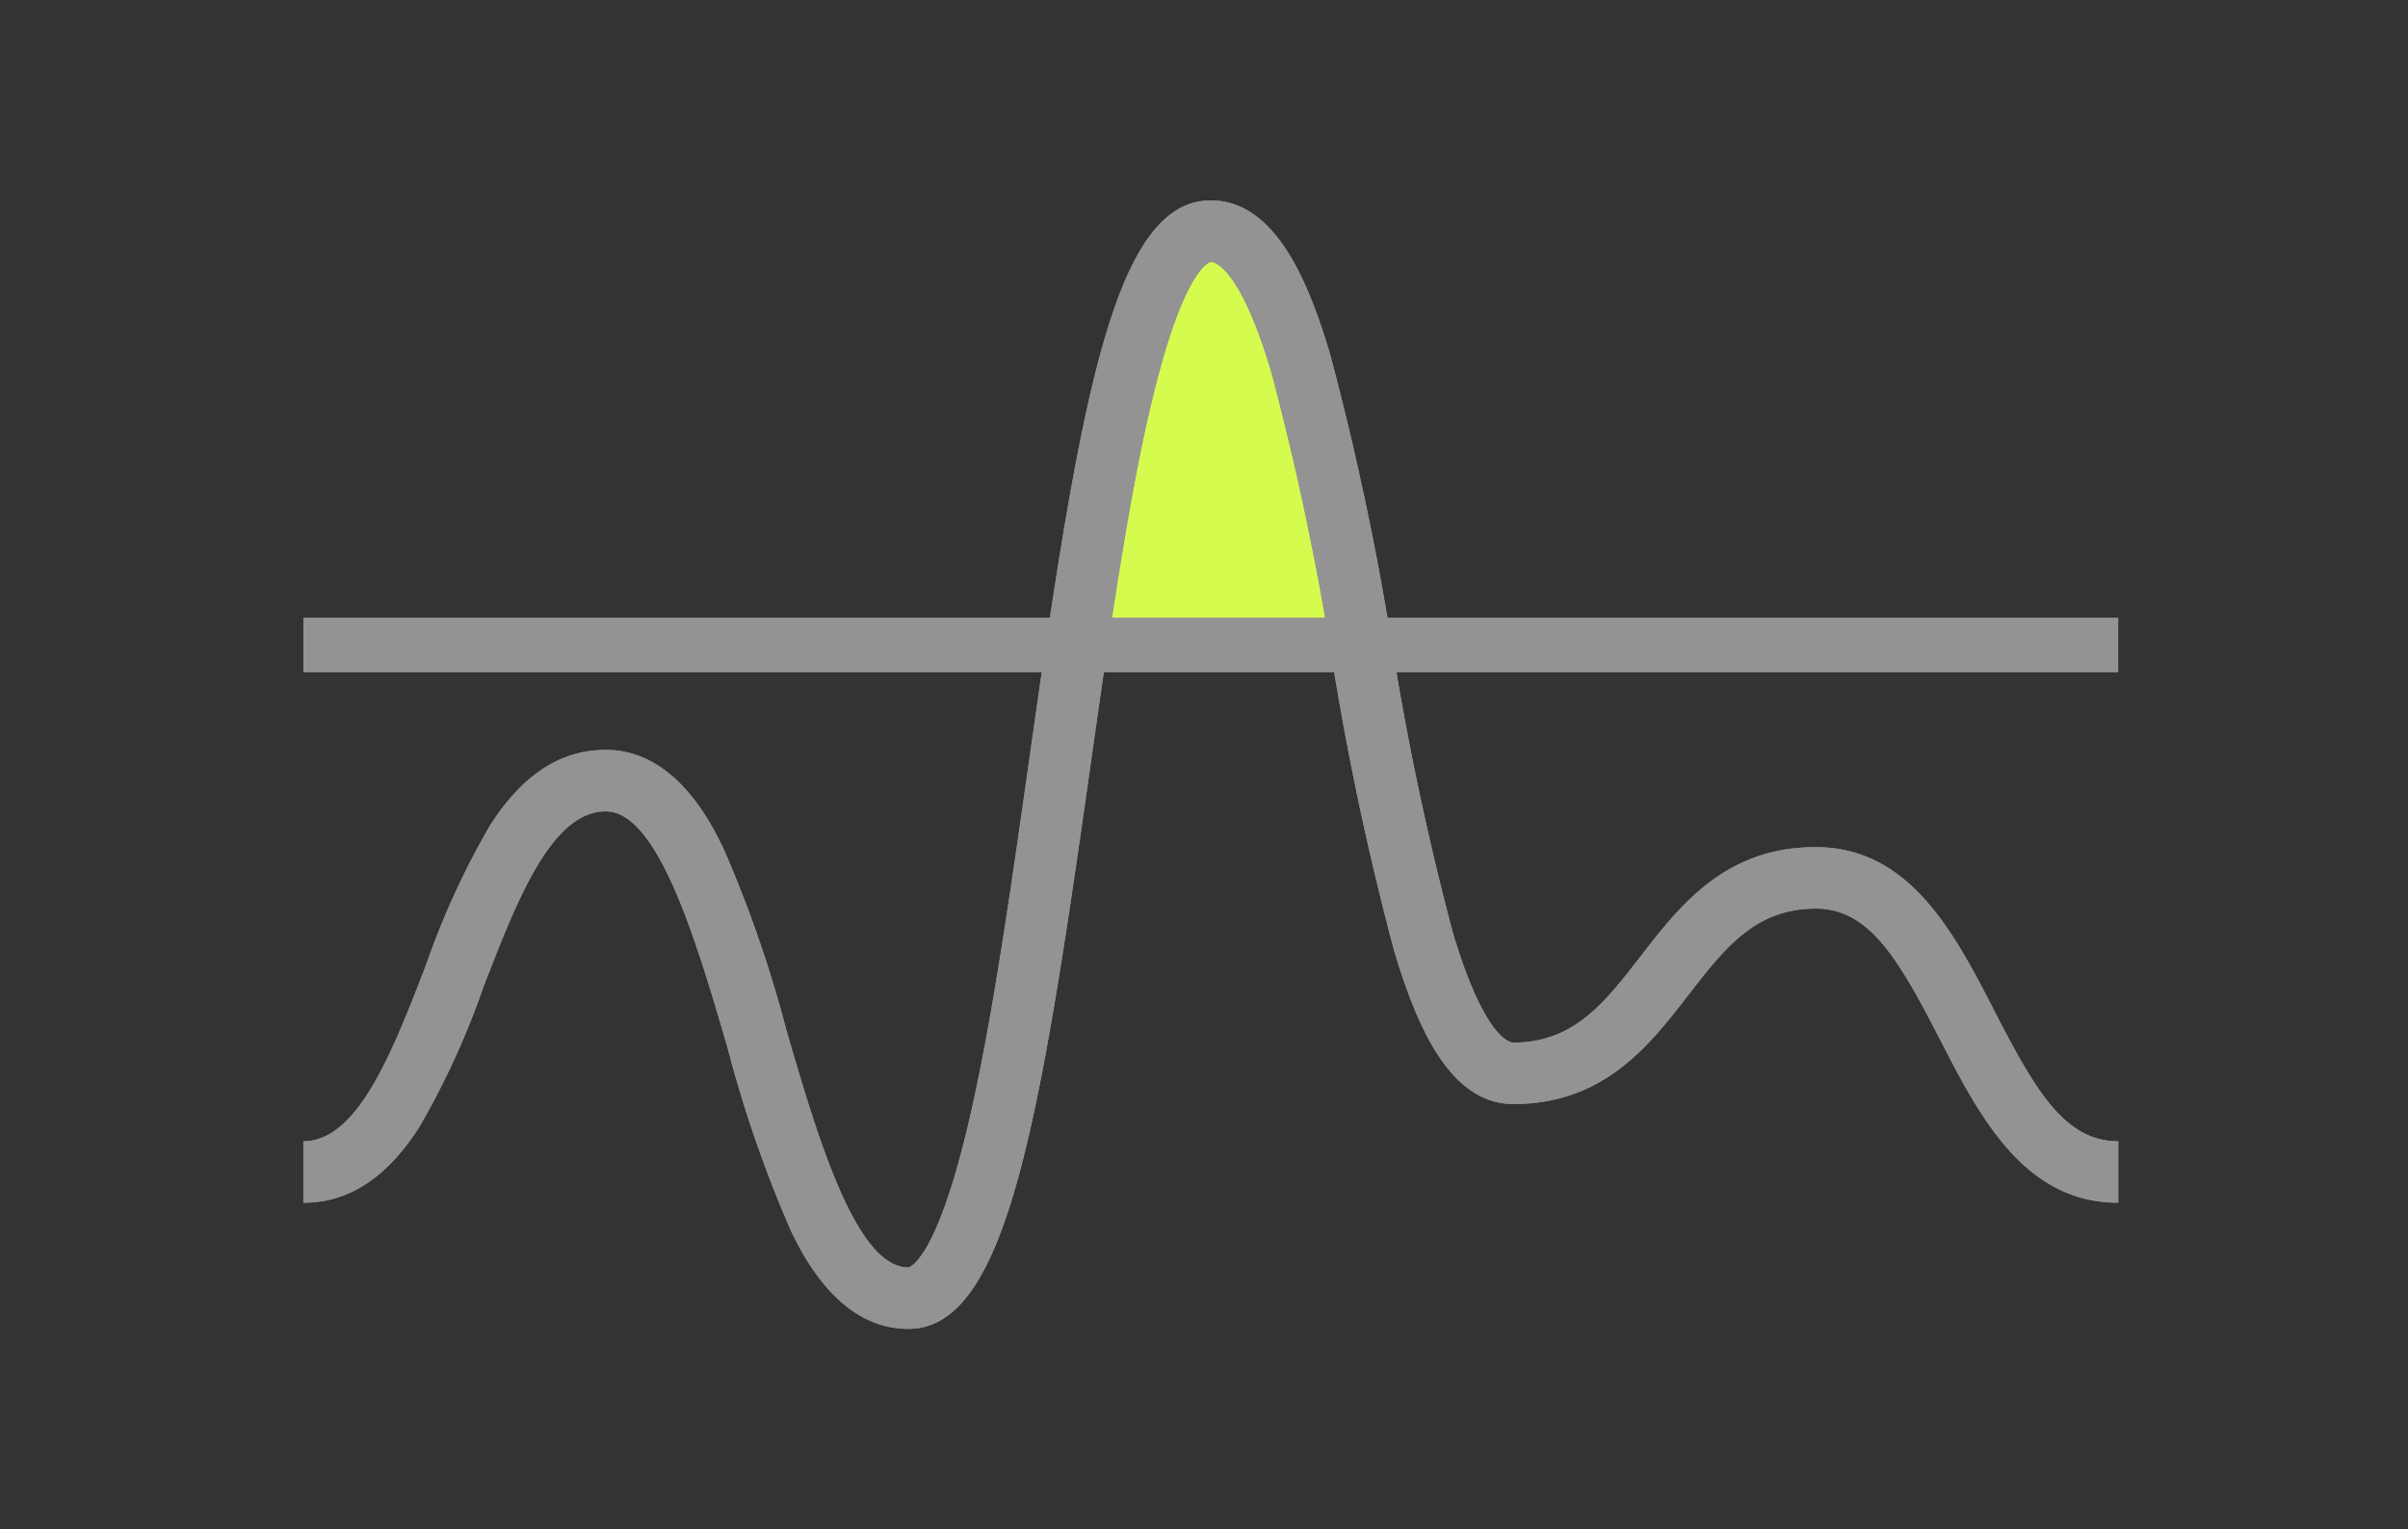 <?xml version="1.0" encoding="UTF-8"?>
<svg xmlns="http://www.w3.org/2000/svg" xmlns:xlink="http://www.w3.org/1999/xlink" width="126" height="80" viewBox="0 0 126 80">
  <rect x="0" y="0" width="126" height="80" fill="#333333" stroke="none"/>
  <defs>
    <clipPath id="clip-path">
      <rect id="Rechteck_185" data-name="Rechteck 185" width="126" height="80" transform="translate(2399 -1712)" fill="#fff" stroke="#707070" stroke-width="1"></rect>
    </clipPath>
    <clipPath id="clip-path-2">
      <rect id="Rechteck_86" data-name="Rechteck 86" width="94.966" height="59.031" fill="none"></rect>
    </clipPath>
  </defs>
  <g id="Gruppe_maskieren_39" data-name="Gruppe maskieren 39" transform="translate(-2399 1712)" clip-path="url(#clip-path)">
    <g id="Gruppe_184" data-name="Gruppe 184" transform="translate(2414.874 -1701.515)">
      <g id="Gruppe_66" data-name="Gruppe 66" clip-path="url(#clip-path-2)">
        <path id="Pfad_125" data-name="Pfad 125" d="M325.563,34.4s2.231-21.646,6.455-21.646S339.107,34.4,339.107,34.4Z" transform="translate(-284.536 -11.149)" fill="#d6fb4f"></path>
        <path id="Pfad_126" data-name="Pfad 126" d="M31.656,59.031c-3.643,0-5.525-3.864-6.144-5.134A64.716,64.716,0,0,1,22.2,44.338c-1.612-5.516-3.619-12.38-6.371-12.38-2.855,0-4.664,4.682-6.414,9.209A41.969,41.969,0,0,1,6.051,48.5C4.345,51.144,2.366,52.432,0,52.432V49.217c2.855,0,4.664-4.682,6.414-9.209a41.987,41.987,0,0,1,3.363-7.329c1.706-2.649,3.685-3.936,6.05-3.936,3.643,0,5.525,3.864,6.144,5.134a64.672,64.672,0,0,1,3.313,9.559c1.612,5.516,3.619,12.38,6.371,12.38.014,0,1.414-.2,3.134-7.483,1.22-5.161,2.22-12.218,3.188-19.043C40.63,10.584,42.379,0,47.483,0c3.4,0,5.12,4.291,6.239,8.03a152.761,152.761,0,0,1,3.257,15.32,150.814,150.814,0,0,0,3.173,14.967c1.669,5.576,3.011,5.737,3.159,5.737,3.169,0,4.779-2.08,6.643-4.488,2.081-2.689,4.44-5.736,9.185-5.736,4.938,0,7.279,4.551,9.344,8.566,2.183,4.244,3.709,6.821,6.485,6.821v3.215c-4.938,0-7.279-4.551-9.343-8.566-2.183-4.244-3.709-6.821-6.485-6.821-3.169,0-4.779,2.08-6.643,4.488-2.081,2.689-4.44,5.736-9.185,5.736-3.4,0-5.119-4.291-6.239-8.03a152.8,152.8,0,0,1-3.257-15.32A150.74,150.74,0,0,0,50.642,8.952c-1.669-5.576-3.011-5.737-3.159-5.737-.013,0-1.414.2-3.134,7.483-1.22,5.161-2.22,12.218-3.188,19.042-2.652,18.706-4.4,29.29-9.505,29.29" transform="translate(-0.001)" fill="#939393"></path>
        <path id="Pfad_127" data-name="Pfad 127" d="M31.656,59.031c-3.643,0-5.525-3.864-6.144-5.134A64.716,64.716,0,0,1,22.2,44.338c-1.612-5.516-3.619-12.38-6.371-12.38-2.855,0-4.664,4.682-6.414,9.209A41.969,41.969,0,0,1,6.051,48.5C4.345,51.144,2.366,52.432,0,52.432V49.217c2.855,0,4.664-4.682,6.414-9.209a41.987,41.987,0,0,1,3.363-7.329c1.706-2.649,3.685-3.936,6.05-3.936,3.643,0,5.525,3.864,6.144,5.134a64.672,64.672,0,0,1,3.313,9.559c1.612,5.516,3.619,12.38,6.371,12.38.014,0,1.414-.2,3.134-7.483,1.22-5.161,2.22-12.218,3.188-19.043C40.63,10.584,42.379,0,47.483,0c3.4,0,5.12,4.291,6.239,8.03a152.761,152.761,0,0,1,3.257,15.32,150.814,150.814,0,0,0,3.173,14.967c1.669,5.576,3.011,5.737,3.159,5.737,3.169,0,4.779-2.08,6.643-4.488,2.081-2.689,4.44-5.736,9.185-5.736,4.938,0,7.279,4.551,9.344,8.566,2.183,4.244,3.709,6.821,6.485,6.821v3.215c-4.938,0-7.279-4.551-9.343-8.566-2.183-4.244-3.709-6.821-6.485-6.821-3.169,0-4.779,2.08-6.643,4.488-2.081,2.689-4.44,5.736-9.185,5.736-3.4,0-5.119-4.291-6.239-8.03a152.8,152.8,0,0,1-3.257-15.32A150.74,150.74,0,0,0,50.642,8.952c-1.669-5.576-3.011-5.737-3.159-5.737-.013,0-1.414.2-3.134,7.483-1.22,5.161-2.22,12.218-3.188,19.042-2.652,18.706-4.4,29.29-9.505,29.29" transform="translate(-0.001)" fill="#939393"></path>
        <rect id="Rechteck_85" data-name="Rechteck 85" width="94.966" height="2.858" transform="translate(0 21.825)" fill="#939393"></rect>
      </g>
    </g>
  </g>
</svg>
--
TASK TO COMPLETE
Filter the listing above, keeping only the lines with "stroke".

WRITTEN SOLUTION
  <rect x="0" y="0" width="126" height="80" fill="#333333" stroke="none"/>
      <rect id="Rechteck_185" data-name="Rechteck 185" width="126" height="80" transform="translate(2399 -1712)" fill="#fff" stroke="#707070" stroke-width="1"></rect>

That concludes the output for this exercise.